Data records
===
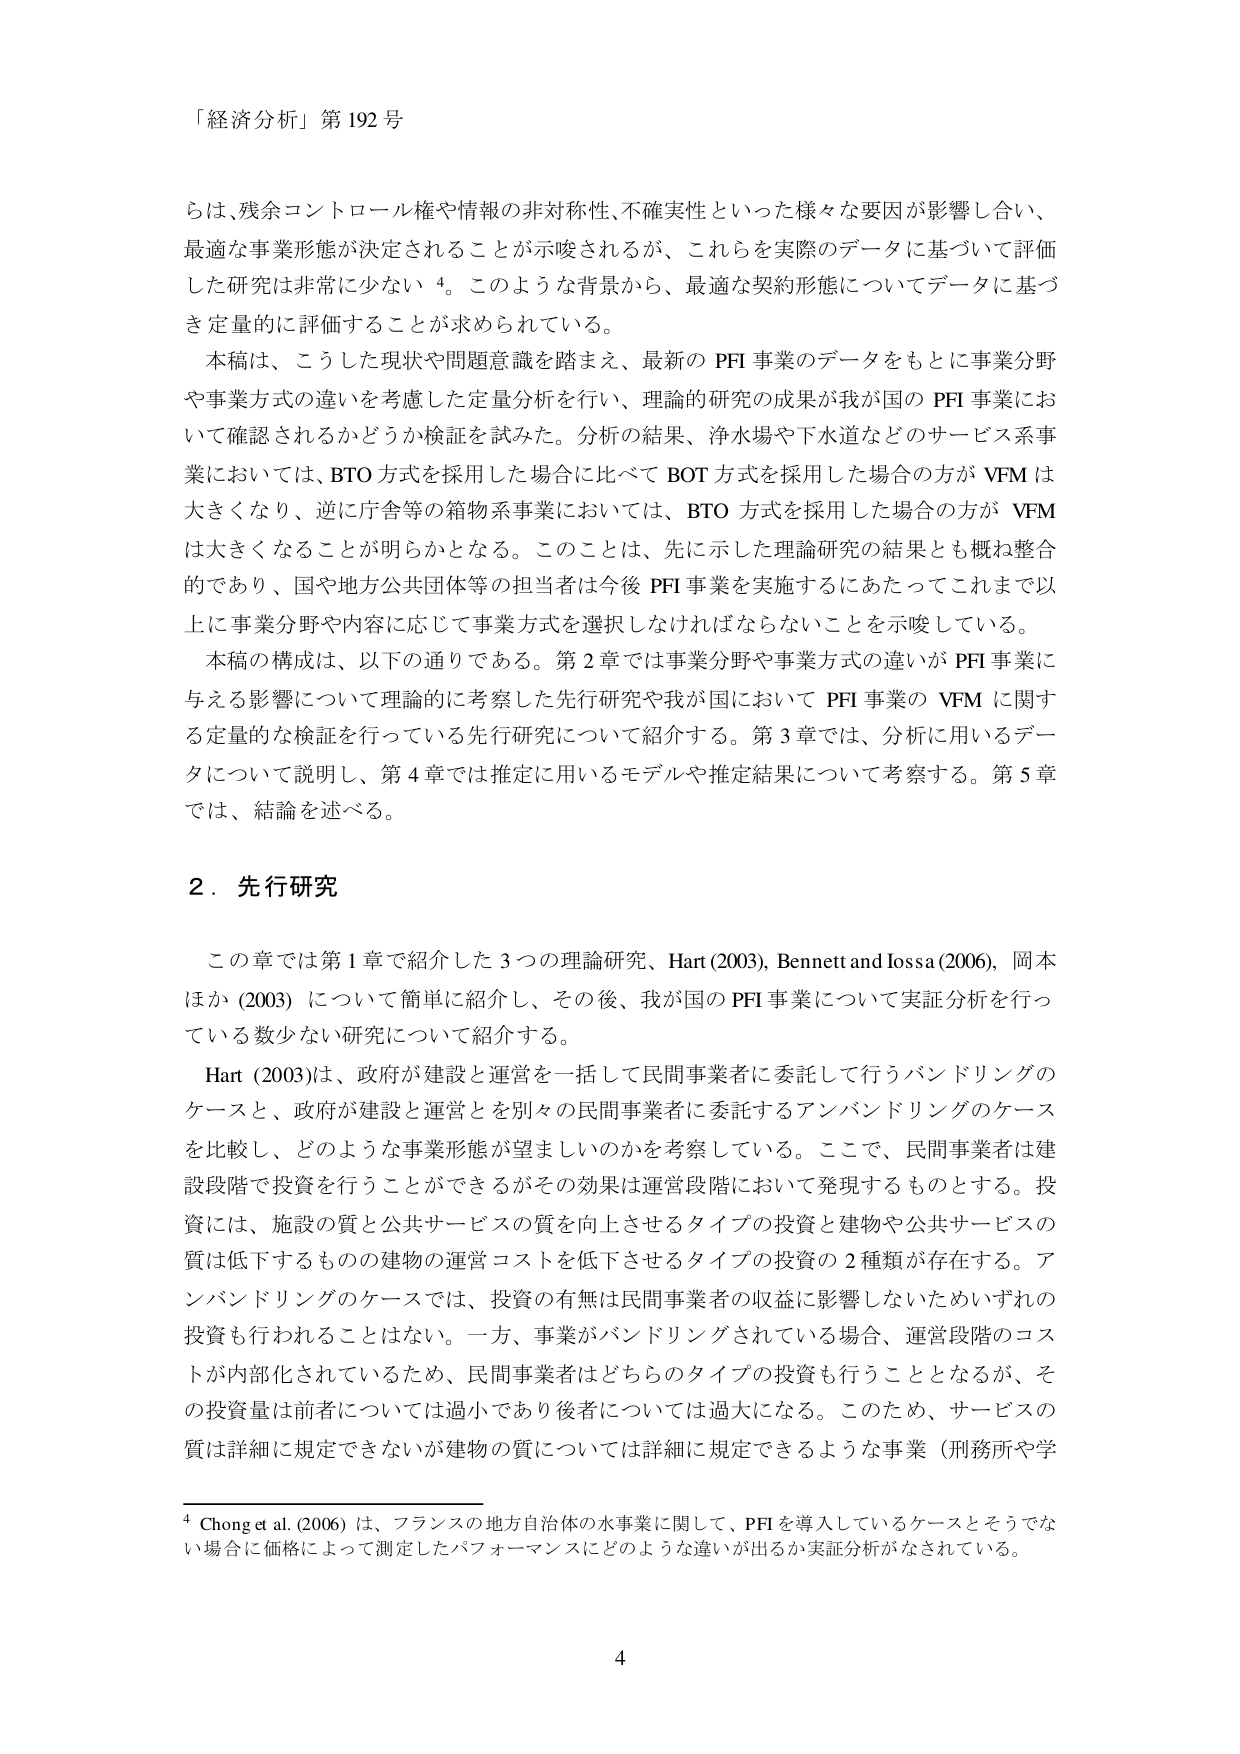
「経済分析」第192号

らは、残余コントロール権や情報の非対称性、不確実性といった様々な要因が影響し合い、
最適な事業形態が決定されることが示唆されるが、これらを実際のデータに基づいて評価
した研究は非常に少ない⁴。このような背景から、最適な契約形態についてデータに基づ
き定量的に評価することが求められている。

本稿は、こうした現状や問題意識を踏まえ、最新のPFI事業のデータをもとに事業分野
や事業方式の違いを考慮した定量分析を行い、理論的研究の成果が我が国のPFI事業にお
いて確認されるかどうか検証を試みた。分析の結果、浄水場や下水道などのサービス系事
業においては、BTO方式を採用した場合に比べてBOT方式を採用した場合の方がVFMは
大きくなり、逆に庁舎等の箱物系事業においては、BTO方式を採用した場合の方がVFM
は大きくなることが明らかとなる。このことは、先に示した理論研究の結果とも概ね整合
的であり、国や地方公共団体等の担当者は今後PFI事業を実施するにあたってこれまで以
上に事業分野や内容に応じて事業方式を選択しなければならないことを示唆している。

本稿の構成は、以下の通りである。第2章では事業分野や事業方式の違いがPFI事業に
与える影響について理論的に考察した先行研究や我が国においてPFI事業のVFMに関す
る定量的な検証を行っている先行研究について紹介する。第3章では、分析に用いるデー
タについて説明し、第4章では推定に用いるモデルや推定結果について考察する。第5章
では、結論を述べる。

2．先行研究

この章では第1章で紹介した3つの理論研究、Hart(2003)、Bennett and Iossa(2006)、岡本
ほか(2003)について簡単に紹介し、その後、我が国のPFI事業について実証分析を行っ
ている数少ない研究について紹介する。

Hart(2003)は、政府が建設と運営を一括して民間事業者に委託して行うバンドリングの
ケースと、政府が建設と運営を別々の民間事業者に委託するアンバンドリングのケース
を比較し、どのような事業形態が望ましいのかを考察している。ここで、民間事業者は建
設段階で投資を行うことができるがその効果は運営段階において発現するものとする。投
資には、施設の質と公共サービスの質を向上させるタイプの投資と建物や公共サービスの
質は低下するものの建物の運営コストを低下させるタイプの投資の2種類が存在する。ア
ンバンドリングのケースでは、投資の有無は民間事業者の収益に影響しないためいずれの
投資も行われることはない。一方、事業がバンドリングされている場合、運営段階のコス
トが内部化されているため、民間事業者はどちらのタイプの投資も行うこととなるが、そ
の投資量は前者については過小であり後者については過大になる。このため、サービスの
質は詳細に規定できないが建物の質については詳細に規定できるような事業（刑務所や学

⁴ Chong et al. (2006) は、フランスの地方自治体の水事業に関して、PFIを導入しているケースとそうでな
い場合に価格によって測定したパフォーマンスにどのような違いが出るか実証分析がなされている。

4
===
Problem statement:
Retype the entries above exactly, but only from the line containing "この章では第1章で紹介した3つの理論研究、Hart(2003)、Bennett and Iossa(2006)、岡本" through the line containing "⁴ Chong et al.", both included.

Task response:
この章では第1章で紹介した3つの理論研究、Hart(2003)、Bennett and Iossa(2006)、岡本
ほか(2003)について簡単に紹介し、その後、我が国のPFI事業について実証分析を行っ
ている数少ない研究について紹介する。

Hart(2003)は、政府が建設と運営を一括して民間事業者に委託して行うバンドリングの
ケースと、政府が建設と運営を別々の民間事業者に委託するアンバンドリングのケース
を比較し、どのような事業形態が望ましいのかを考察している。ここで、民間事業者は建
設段階で投資を行うことができるがその効果は運営段階において発現するものとする。投
資には、施設の質と公共サービスの質を向上させるタイプの投資と建物や公共サービスの
質は低下するものの建物の運営コストを低下させるタイプの投資の2種類が存在する。ア
ンバンドリングのケースでは、投資の有無は民間事業者の収益に影響しないためいずれの
投資も行われることはない。一方、事業がバンドリングされている場合、運営段階のコス
トが内部化されているため、民間事業者はどちらのタイプの投資も行うこととなるが、そ
の投資量は前者については過小であり後者については過大になる。このため、サービスの
質は詳細に規定できないが建物の質については詳細に規定できるような事業（刑務所や学

⁴ Chong et al. (2006) は、フランスの地方自治体の水事業に関して、PFIを導入しているケースとそうでな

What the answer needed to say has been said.